[Data records]
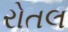
રોતલ
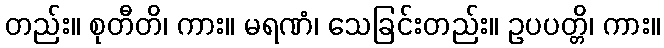
တည်း။ စုတီတိ၊ ကား။ မရဏံ၊ သေခြင်းတည်း။ ဥပပတ္တိ၊ ကား။
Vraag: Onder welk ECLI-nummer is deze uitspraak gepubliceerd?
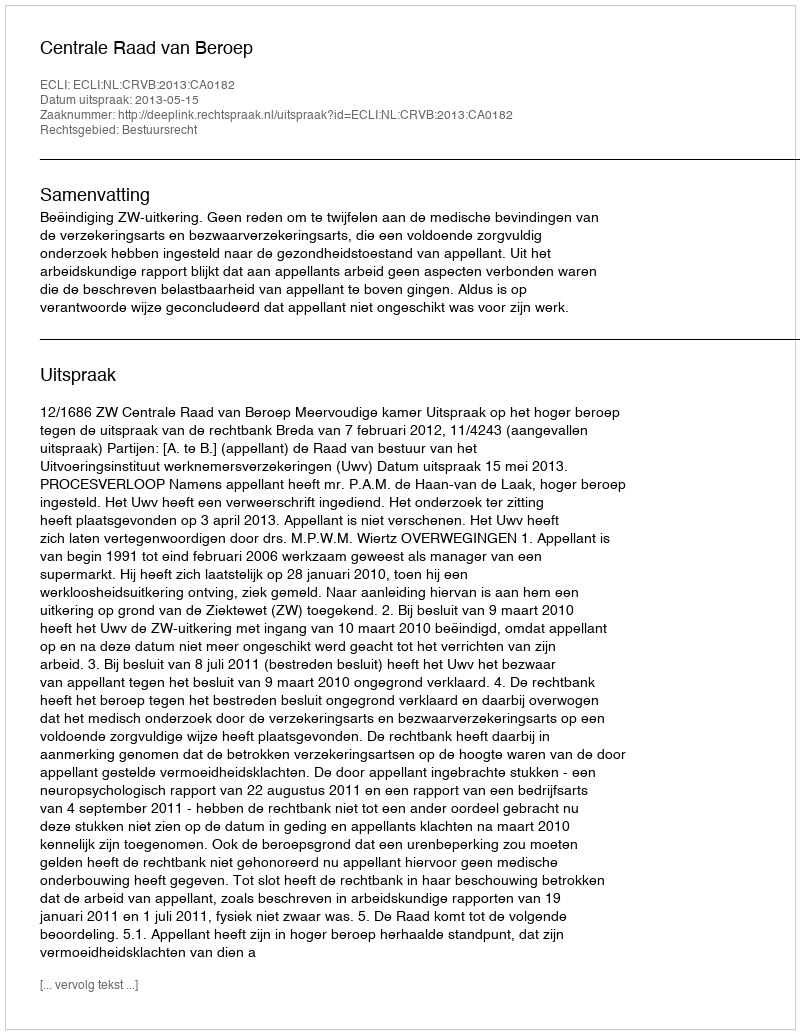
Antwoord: ECLI:NL:CRVB:2013:CA0182
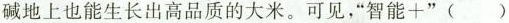
碱地上也能生长出高品质的大米。可见，”$$智 能 +$$”()
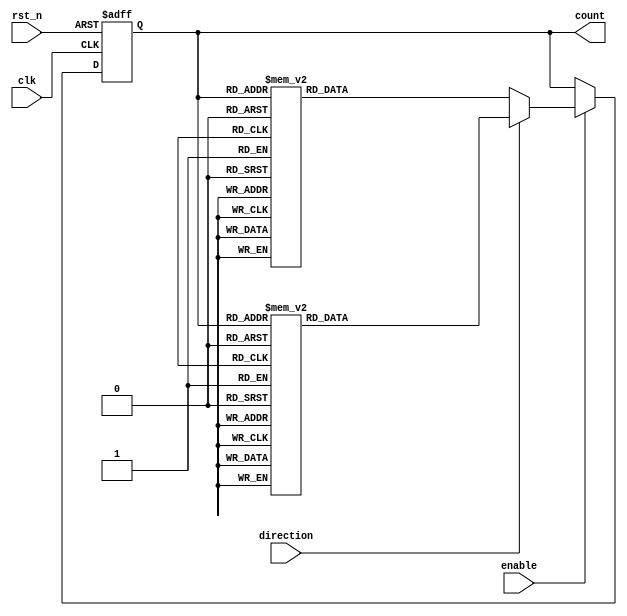
module gray_counter (
    input wire clk,
    input wire rst_n,
    input wire enable,
    input wire direction, // 0 for decrement, 1 for increment
    output reg [3:0] count
);

reg [3:0] next_count;

always @ (posedge clk or negedge rst_n) begin
    if (~rst_n) begin
        count <= 4'b0000; // Initialize count to 0
    end else begin
        if (enable) begin
            if (direction) begin // Increment count
                case(count)
                    4'b0000: next_count = 4'b0001;
                    4'b0001: next_count = 4'b0011;
                    4'b0011: next_count = 4'b0010;
                    4'b0010: next_count = 4'b0110;
                    4'b0110: next_count = 4'b0111;
                    4'b0111: next_count = 4'b0101;
                    4'b0101: next_count = 4'b0100;
                    4'b0100: next_count = 4'b1100;
                    4'b1100: next_count = 4'b1101;
                    4'b1101: next_count = 4'b1111;
                    4'b1111: next_count = 4'b1110;
                    4'b1110: next_count = 4'b1010;
                    4'b1010: next_count = 4'b1011;
                    4'b1011: next_count = 4'b1001;
                    4'b1001: next_count = 4'b1000;
                    4'b1000: next_count = 4'b0000;
                    default: next_count = 4'b0000; // Default state
                endcase
            end else begin // Decrement count
                case(count)
                    4'b0000: next_count = 4'b1000;
                    4'b1000: next_count = 4'b1001;
                    4'b1001: next_count = 4'b1011;
                    4'b1011: next_count = 4'b1010;
                    4'b1010: next_count = 4'b1110;
                    4'b1110: next_count = 4'b1111;
                    4'b1111: next_count = 4'b1101;
                    4'b1101: next_count = 4'b1100;
                    4'b1100: next_count = 4'b0100;
                    4'b0100: next_count = 4'b0101;
                    4'b0101: next_count = 4'b0111;
                    4'b0111: next_count = 4'b0110;
                    4'b0110: next_count = 4'b0010;
                    4'b0010: next_count = 4'b0011;
                    4'b0011: next_count = 4'b0001;
                    4'b0001: next_count = 4'b0000;
                    default: next_count = 4'b0000; // Default state
                endcase
            end
            count <= next_count;
        end
    end
end
endmodule
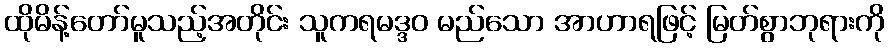
ထိုမိန့်တော်မူသည့်အတိုင်း သူကရမဒ္ဒဝ မည်သော အာဟာရဖြင့် မြတ်စွာဘုရားကို
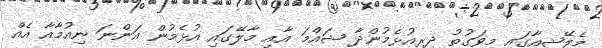
މެލޭޝިއާގައި މިވަގުތު ދިރިއުޅެމުންދާ ޝައްމަ އާއި މާލޭގައި އުޅެމުން އަންނަ ނިއުމާއާ އެއް
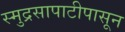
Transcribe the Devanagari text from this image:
स्मुद्रसापाटीपासून
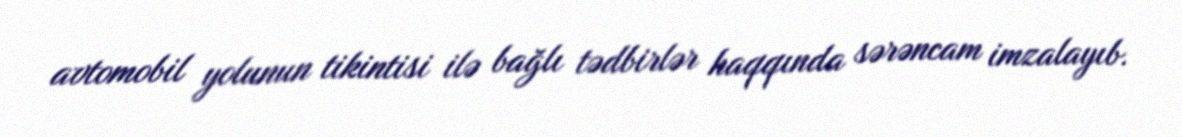
avtomobil yolunun tikintisi ilə bağlı tədbirlər haqqında sərəncam imzalayıb.
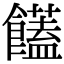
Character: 饚
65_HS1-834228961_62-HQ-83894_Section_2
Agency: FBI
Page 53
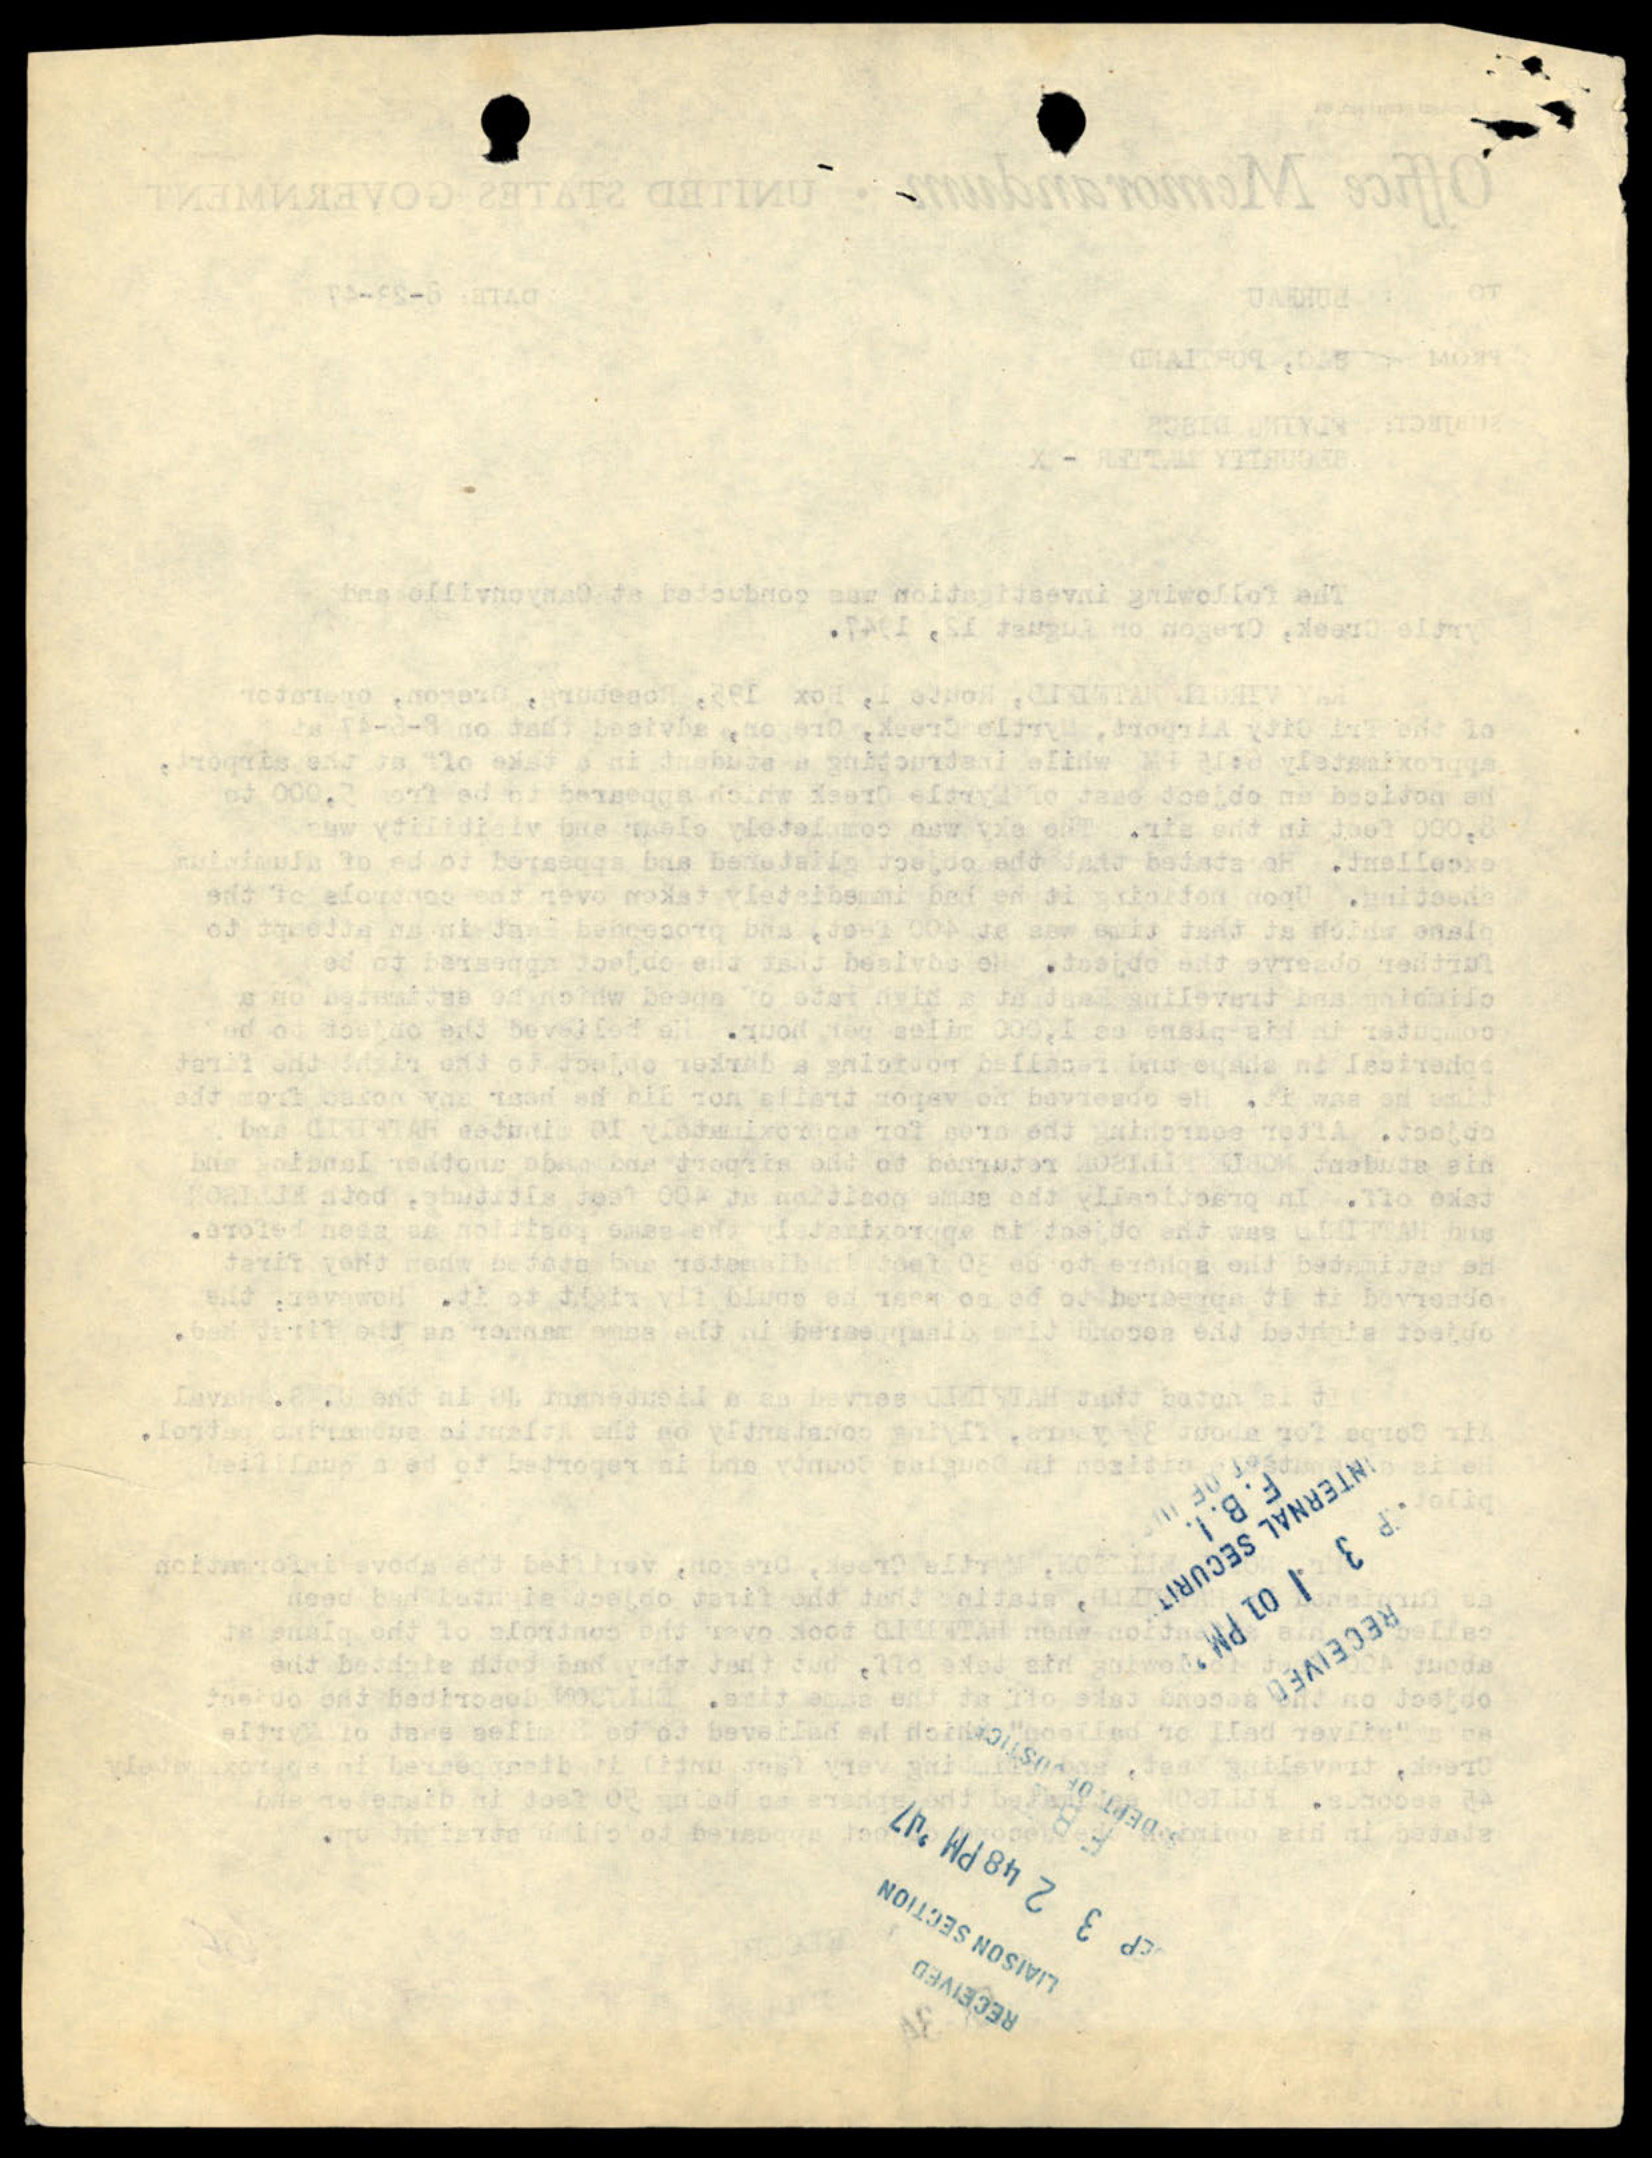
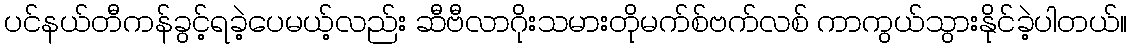
ပင်နယ်တီကန်ခွင့်ရခဲ့ပေမယ့်လည်း ဆီဗီလာဂိုးသမားတိုမက်စ်ဗက်လစ် ကာကွယ်သွားနိုင်ခဲ့ပါတယ်။
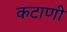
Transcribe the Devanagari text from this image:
कटाणी
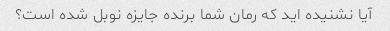
آیا نشنیده اید که رمان شما برنده جایزه نوبل شده است؟
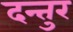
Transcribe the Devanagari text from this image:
दन्तुर
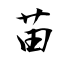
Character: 苗
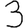
Digit: 3
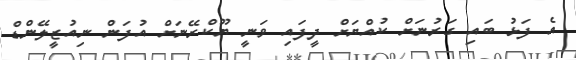
އެ ފަޅު ބައި ގަރުނަށް ކުއްޔަށް ދީފައި ވަނީ ޔޫކްރޭނަށް އުފަން ނިއުޒީލޭންޑް
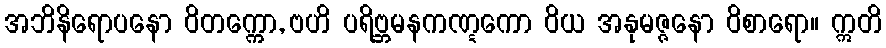
အဘိနိရောပနော ဝိတက္ကော, ဗဟိ ပရိဗ္ဘမနကဏ္ဋကော ဝိယ အနုမဇ္ဇနော ဝိစာရော။ ဣတိ
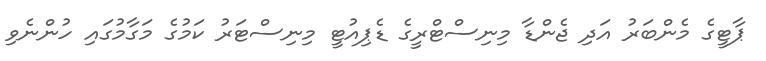
ޕާޓީގެ މެންބަރު އަދި ޖެންޑާ މިނިސްޓްރީގެ ޑެޕިއުޓީ މިނިސްޓަރު ކަމުގެ މަގާމުގައި ހުންނެވި
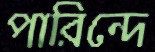
পারিন্দে
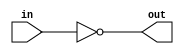
// CN1 -  schelet lab02

module modul02(
  output out,
  input in
  );

  assign out = ~in;

endmodule
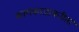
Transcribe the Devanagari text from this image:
कामकाजाकरीता
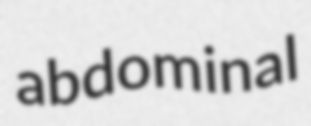
abdominal

— YOUR GOAL —
Extract, word for word, each line from the top of the data down to and including the line with "reg [3:0] next_count;"; skip the pictures.

— SOLUTION FOR THIS PROBLEM —
રોતલ
တည်း။ စုတီတိ၊ ကား။ မရဏံ၊ သေခြင်းတည်း။ ဥပပတ္တိ၊ ကား။
Vraag: Onder welk ECLI-nummer is deze uitspraak gepubliceerd?
Antwoord: ECLI:NL:CRVB:2013:CA0182
碱地上也能生长出高品质的大米。可见，”$$智 能 +$$”()
module gray_counter (
    input wire clk,
    input wire rst_n,
    input wire enable,
    input wire direction, // 0 for decrement, 1 for increment
    output reg [3:0] count
);

reg [3:0] next_count;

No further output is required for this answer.